You have always maintained that as an investor you should always focus on one thing; price, you need to buy them cheap. PSUs across-the-board - engineering companies, metal companies, banks -- all are cheap. Right now, are you hunting in the PSU banks or PSU stocks?

I am, to be honest. There are a couple of things I would say about the PSU basket, the government has a very aggressive disinvestment programme. Last year, it was Rs 80,000 crore. This year, they are budgeting Rs 90,000 crore. They are going about it the wrong way, taking it from one pocket and putting it in another pocket.

There was some press item today which said that we are going to do a strategic disinvestment of 28 PSUs this coming year. I do not know if that will happen because every government in the last 15 years has tried it and failed. They could not do Air India even. So, I am not very hopeful it will happen yet but they need to do that. You cannot have national assets being frittered away. MTNL, BSNL value just collapsed and nothing was done about that. If the government is serious about fiscal responsibility, it needs to, These are national assets which need to be handled with more care. So, I am looking at PSUs because in some of them, particularly, in the newly listed railways sector, there is very little competition. This business always goes to them. They are very cheap whether you look at the price to earnings multiple or dividend yield multiple, We have made money in the past on PSUs. So, e are not averse to them but the basket as a whole that does not look as attractive as it used to look a few years back.

You and your friends have bought a lot of PSU stocks. Are you spotting and smelling that huge poker opportunity in PSUs go all in?

I would not use that word quite aggressively because we are a bit dismayed by the capital allocation process of the PSUs. I do not think PSUs should be used as milch cows by the government. Increasingly, the government seems to be doing that -- whether it is with the RBI, which is also a PSU in some ways or with the actual PSUs. The government is just raiding their coffers to meet its spending priorities. I do not necessarily like that. I do not think there is enough spine in a lot of them to stand up to the government and say we are autonomous corporation you cannot tell us how to use our money.
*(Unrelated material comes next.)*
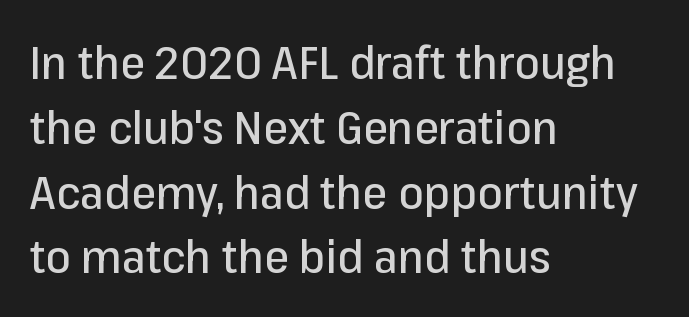
{"serif": "no", "italic": "no", "width": "normal", "stroke_contrast": "low", "x_height": "medium", "monospaced": "no", "underline": "no", "align": "left", "line_spacing": "normal", "line_spacing_ratio": 1.44, "letter_spacing": "normal", "letter_spacing_em": 0.0, "glyph_px": 45}

If something is so cheap that the prospects could look good for the next two, three years, I am still buying them.

Disruption is here to stay. As an investor, you need to spot something which is durable and has a moat around it. Which are some of those ideas which have a moat and a unique edge?

Quick service restaurants should be one. Airlines will be the other. They have not really played out. I have been bullish on airlines and we have done very badly out there but if you look at the Indian picture, one of the leading carriers now has about 50% market share in India. The other competitors are going by the wayside. Maybe they are buying market share currently and ignoring profitability, but 50% market share for the market cap they have is phenomenal. Also the business is not prone to technological disruption. You will still want to go to a wedding in Delhi, to a holiday in Calcutta or a conference in Chennai. The business still lends itself to fairly good economics.

United States had multiplicity of carriers. That got whittled down to four or five and then these became extremely profitable and so noticeable that even Warren Buffett had invested in them. The same thing is happening in India.

I don’t think almost nobody after Mallya and the problems with Jet would want to open an airline. So, the players that we have would be fairly stable and they will consolidate. At some point, they will start increasing pricing pressure. Already there is a lot of problems when you fly from Bombay to Delhi because you do not have great capacity. That means prices will go up and that would help them. We are going through a transition period but over the next five, 10, 15 years I think airlines will make a really good investment hypothesis.